A. Take it, since it’s meant to be a tip
B. Leave it where it is, since you don’t know if it was meant for you
C. Ask the client if the money is a tip
The right answer was obvious to me: leave the money and do not ask questions.
“Say you wanted to work 8 hours on Monday. On Monday morning, you realize you only have 2 hours of work scheduled. What would you do?”
A. Cancel the job since it’s not worth the commute
B. Complete the job since you committed to the job already
C. Call the support team and say you can only do it if you are given another job
“Complete the job” seemed to be the right answer, even if it meant traveling longer than you’d work.
“What is your opinion on taking personal calls when in a client’s home?”
A. I always take personal calls
B. I take personal calls only if the client is in a different room
C. I never take personal calls
Not on company time!
The gig economy company that administered this quiz was hoping to sign up new cleaners in New York City in 2015. I had responded to its Craigslist ad, which read, “We’re looking for hig
h quality independent cleaning professionals” and “Income potential is up to $22/hr when working; set your own schedule and work as much as you’d like.
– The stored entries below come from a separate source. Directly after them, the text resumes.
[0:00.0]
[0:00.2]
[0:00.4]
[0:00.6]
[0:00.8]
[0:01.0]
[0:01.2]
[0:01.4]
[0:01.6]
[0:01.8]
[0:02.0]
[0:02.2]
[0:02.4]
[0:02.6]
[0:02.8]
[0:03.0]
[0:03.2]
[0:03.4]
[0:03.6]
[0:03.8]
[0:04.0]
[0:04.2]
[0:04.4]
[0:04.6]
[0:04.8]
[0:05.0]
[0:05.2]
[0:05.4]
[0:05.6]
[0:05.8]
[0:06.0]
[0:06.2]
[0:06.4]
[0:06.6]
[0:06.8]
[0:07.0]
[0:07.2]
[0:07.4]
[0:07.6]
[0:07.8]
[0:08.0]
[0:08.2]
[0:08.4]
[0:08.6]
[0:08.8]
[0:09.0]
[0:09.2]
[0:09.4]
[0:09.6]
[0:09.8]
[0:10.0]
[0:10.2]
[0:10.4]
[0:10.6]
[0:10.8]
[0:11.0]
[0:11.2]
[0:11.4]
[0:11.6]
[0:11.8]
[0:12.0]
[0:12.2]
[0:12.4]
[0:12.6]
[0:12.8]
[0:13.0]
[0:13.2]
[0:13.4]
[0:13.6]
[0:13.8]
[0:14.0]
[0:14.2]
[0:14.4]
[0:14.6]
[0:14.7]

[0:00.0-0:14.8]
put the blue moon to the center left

Many of our top active cleaning professionals make $1,000+ per week!”
After entering my own name, address, and cleaning experience, I was referred to the quiz as part of my application.
* * *
Traditional freelancing relationships are fairly clear-cut. Independent workers take on projects that they can complete, well, independently. In the gig economy, companies like Upwork facilitate this type of work: Clients hand over assignments to workers, who complete them without any guidance from Upwork.
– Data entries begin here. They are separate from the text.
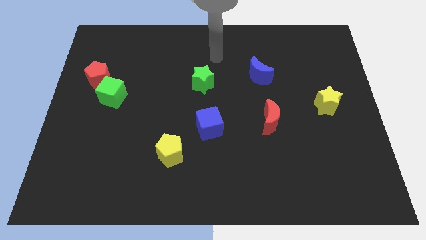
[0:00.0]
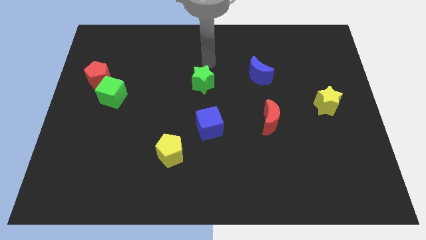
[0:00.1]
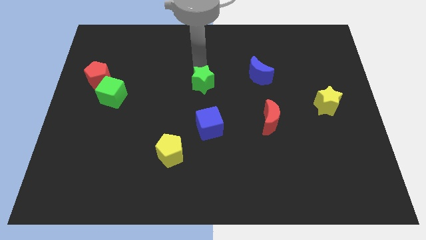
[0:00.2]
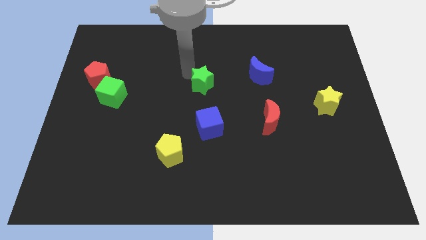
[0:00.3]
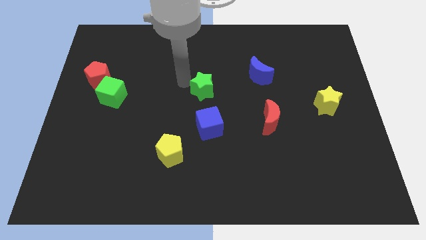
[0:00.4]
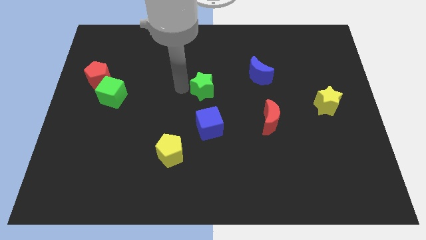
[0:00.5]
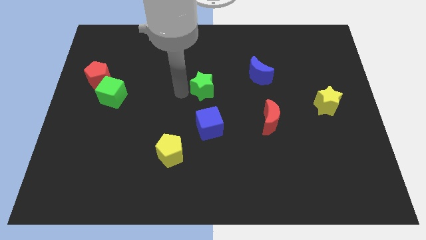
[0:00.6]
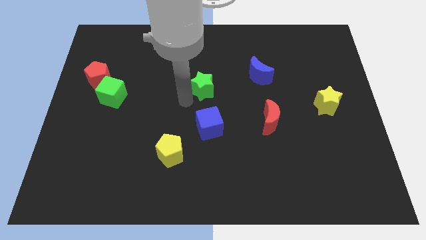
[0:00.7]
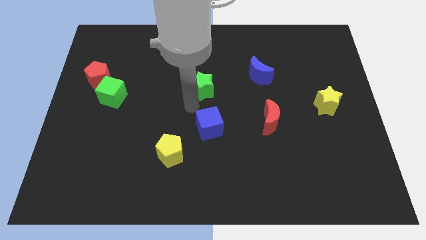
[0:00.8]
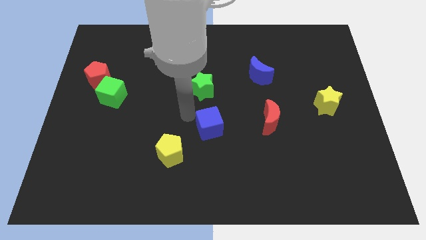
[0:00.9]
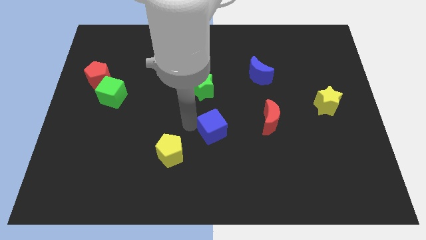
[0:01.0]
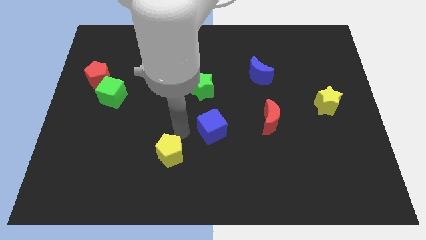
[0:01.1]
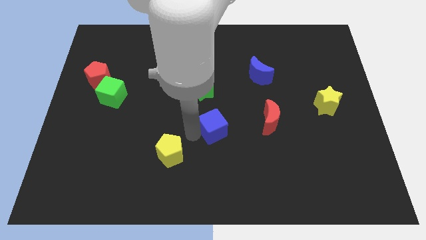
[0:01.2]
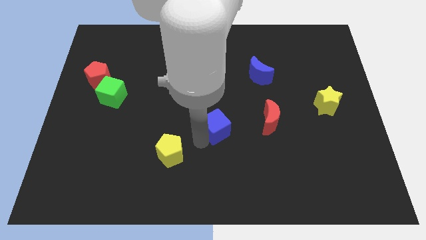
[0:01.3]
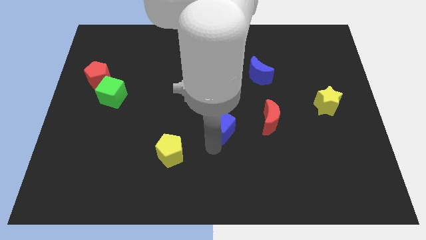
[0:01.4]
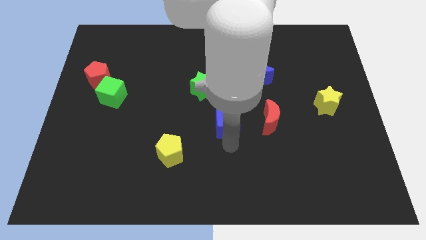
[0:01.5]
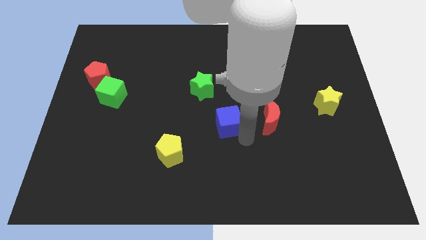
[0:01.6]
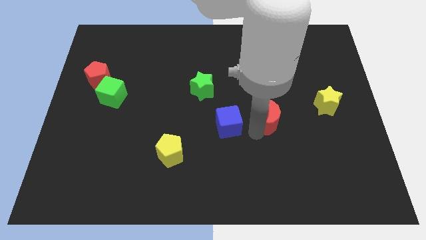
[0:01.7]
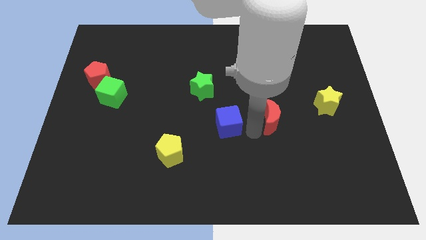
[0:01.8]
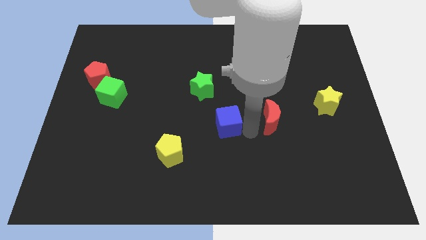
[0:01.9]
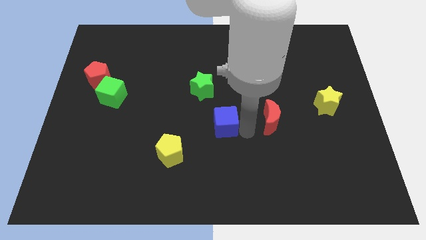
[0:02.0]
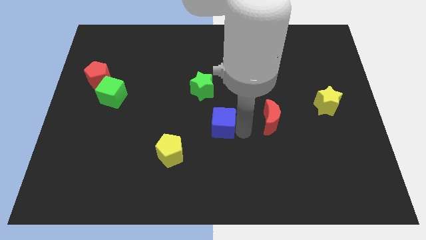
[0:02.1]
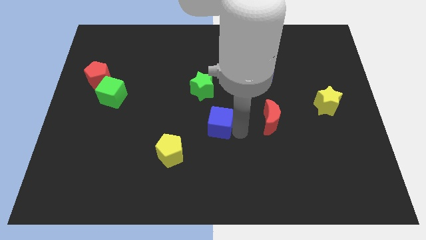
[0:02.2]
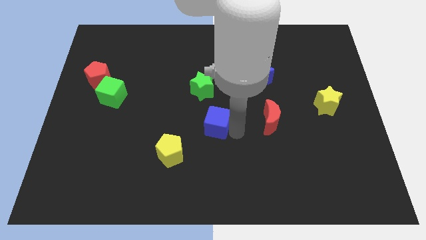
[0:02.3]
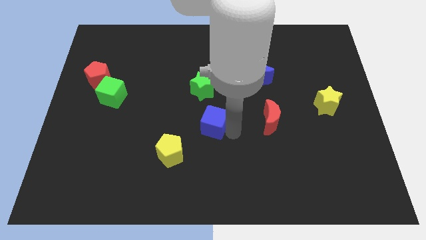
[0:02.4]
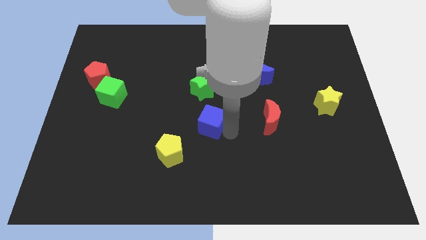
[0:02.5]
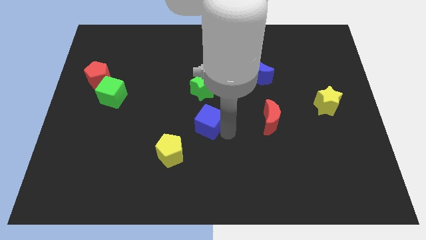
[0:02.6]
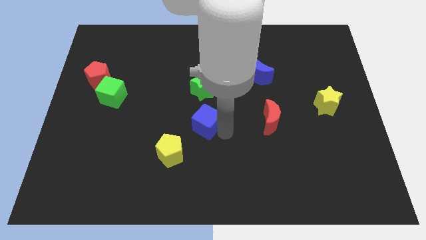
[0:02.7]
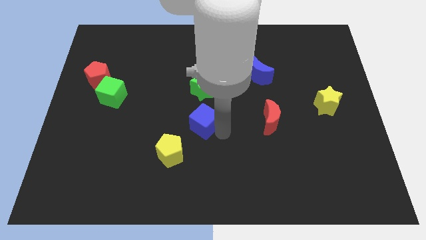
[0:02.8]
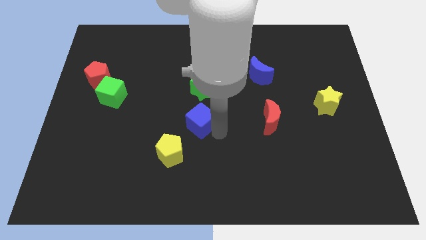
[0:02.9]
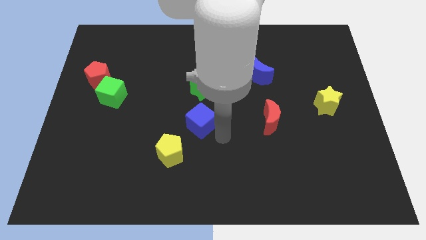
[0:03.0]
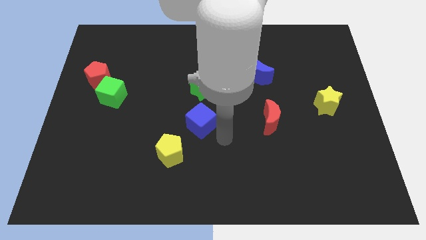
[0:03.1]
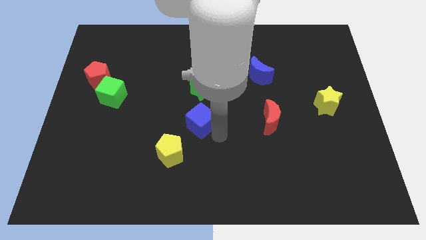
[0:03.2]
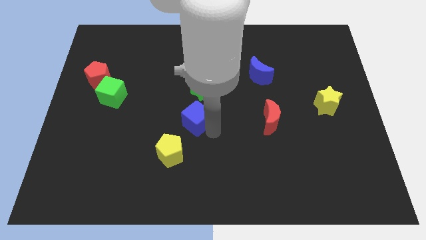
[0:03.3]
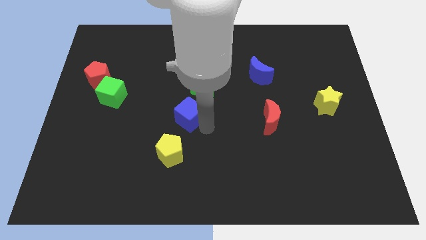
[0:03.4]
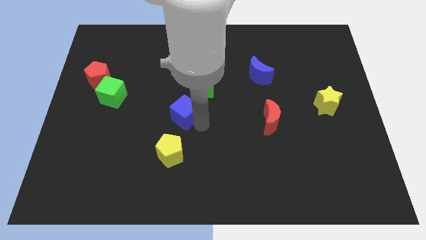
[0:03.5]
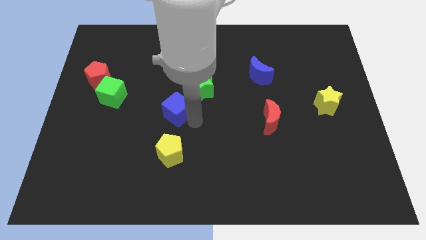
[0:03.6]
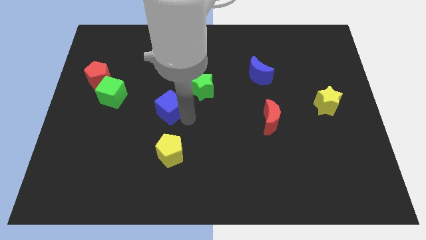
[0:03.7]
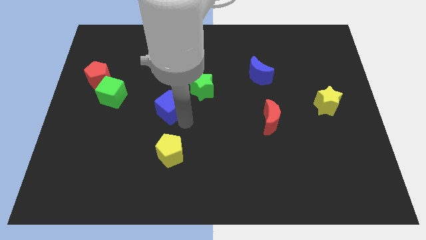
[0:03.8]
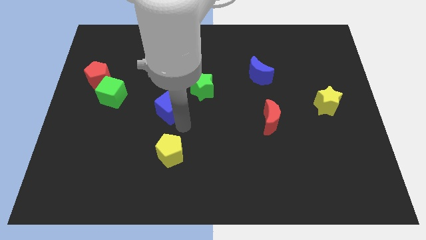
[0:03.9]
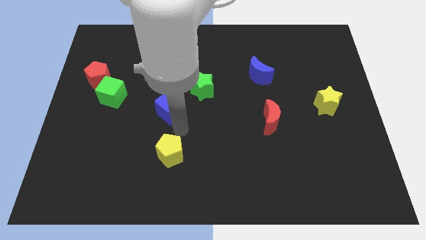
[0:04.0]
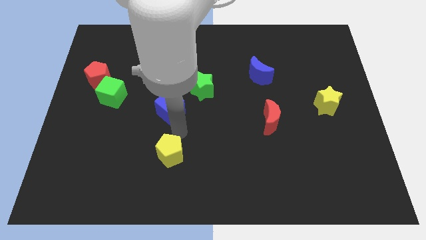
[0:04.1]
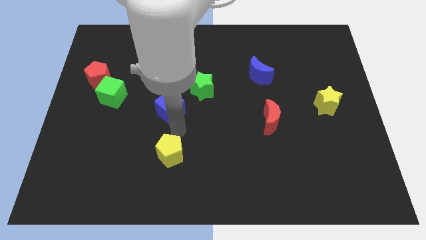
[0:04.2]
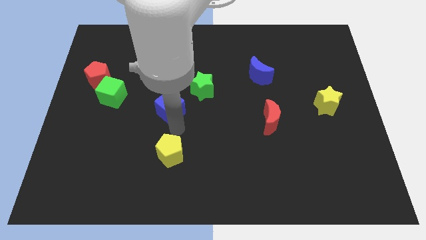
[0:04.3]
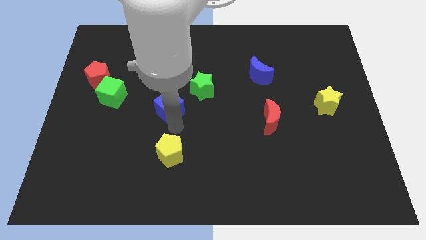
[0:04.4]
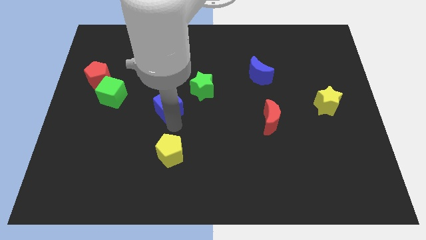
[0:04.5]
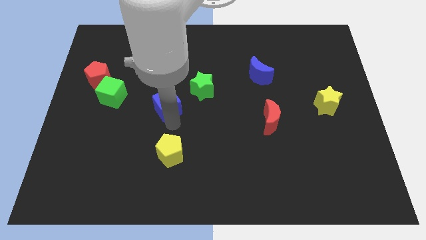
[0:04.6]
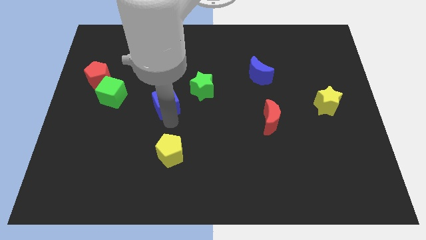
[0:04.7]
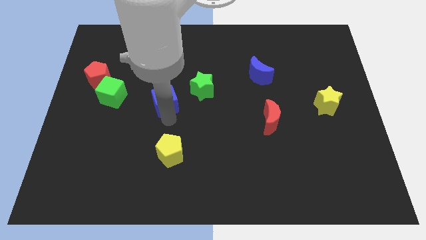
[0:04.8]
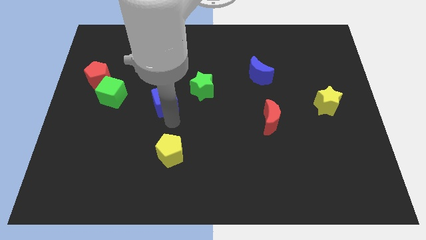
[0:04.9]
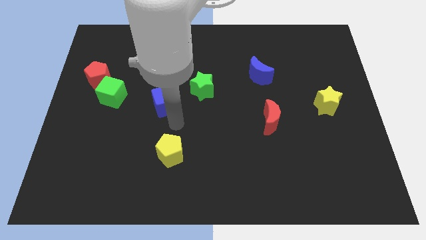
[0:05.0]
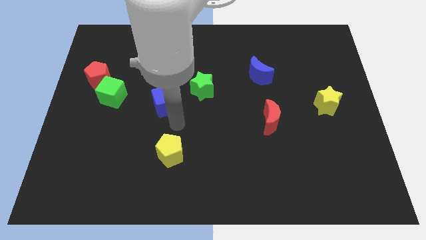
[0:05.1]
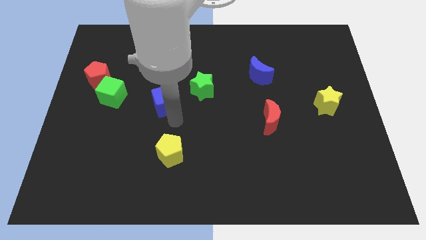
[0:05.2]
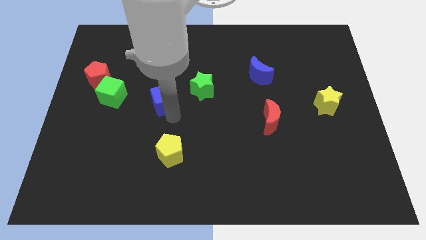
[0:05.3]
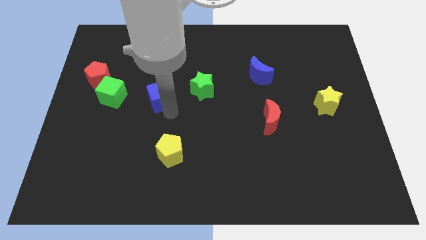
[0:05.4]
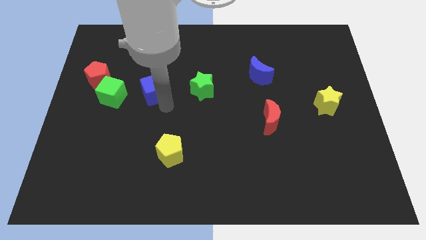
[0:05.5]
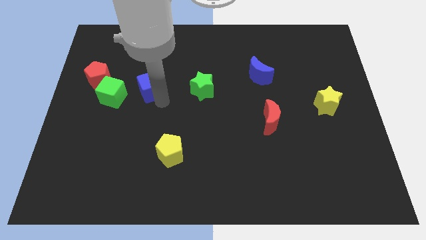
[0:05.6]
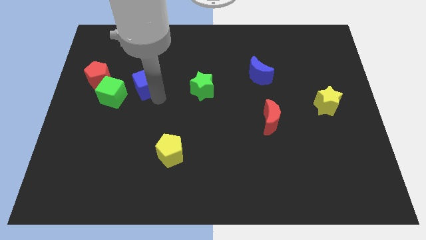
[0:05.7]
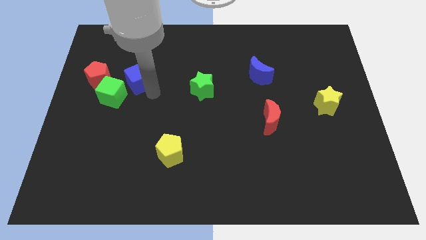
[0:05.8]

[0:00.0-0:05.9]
slide the blue cube up and then to the left

But with the arrival of Uber and “Uber for X” startups, an inherent conflict emerged. On one hand, these companies wanted to develop a reputation for providing great service, so that customers would begin to rely on them. On the other, their lawyers advised them that providing independent contractors with training, uniforms, benefits, or regular work shifts—that is, the things that produce happy, well-trained employees—could put the companies at risk of being sued for misclassifying employees as independent contractors.
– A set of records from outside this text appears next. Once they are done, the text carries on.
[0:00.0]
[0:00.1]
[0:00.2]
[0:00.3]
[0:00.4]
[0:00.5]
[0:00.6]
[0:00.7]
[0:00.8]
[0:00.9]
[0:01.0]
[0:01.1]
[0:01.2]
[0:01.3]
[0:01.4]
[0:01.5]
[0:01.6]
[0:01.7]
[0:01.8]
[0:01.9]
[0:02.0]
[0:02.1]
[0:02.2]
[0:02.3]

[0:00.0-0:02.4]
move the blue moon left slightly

Gig economy companies were in a pickle. They wanted to provide good service, but also to avoid accusations that they were treating their independent contractors like employees. Not training workers or setting expectations at all would lead to inconsistent service. And scheduling them to serve the same customers every week, motivating them with good benefits, and coaching them on how to improve put the companies at risk of lawsuits, which could force them to make an expensive shift to employees.
In the United States, there’s no single test that determines whether workers are independent contractors or employees—it’s different in different states and under different laws. And similarly in Europe, laws are often so complicated that there’s no clear-cut way to define who is truly independent. Generally speaking, independent contractors should decide how to complete work, have potential for profit or loss, and, because they take on these responsibilities, have some bargaining power in contracts with other businesses. But are your particular workers being treated like employees? It will probably take a lawsuit to say for sure.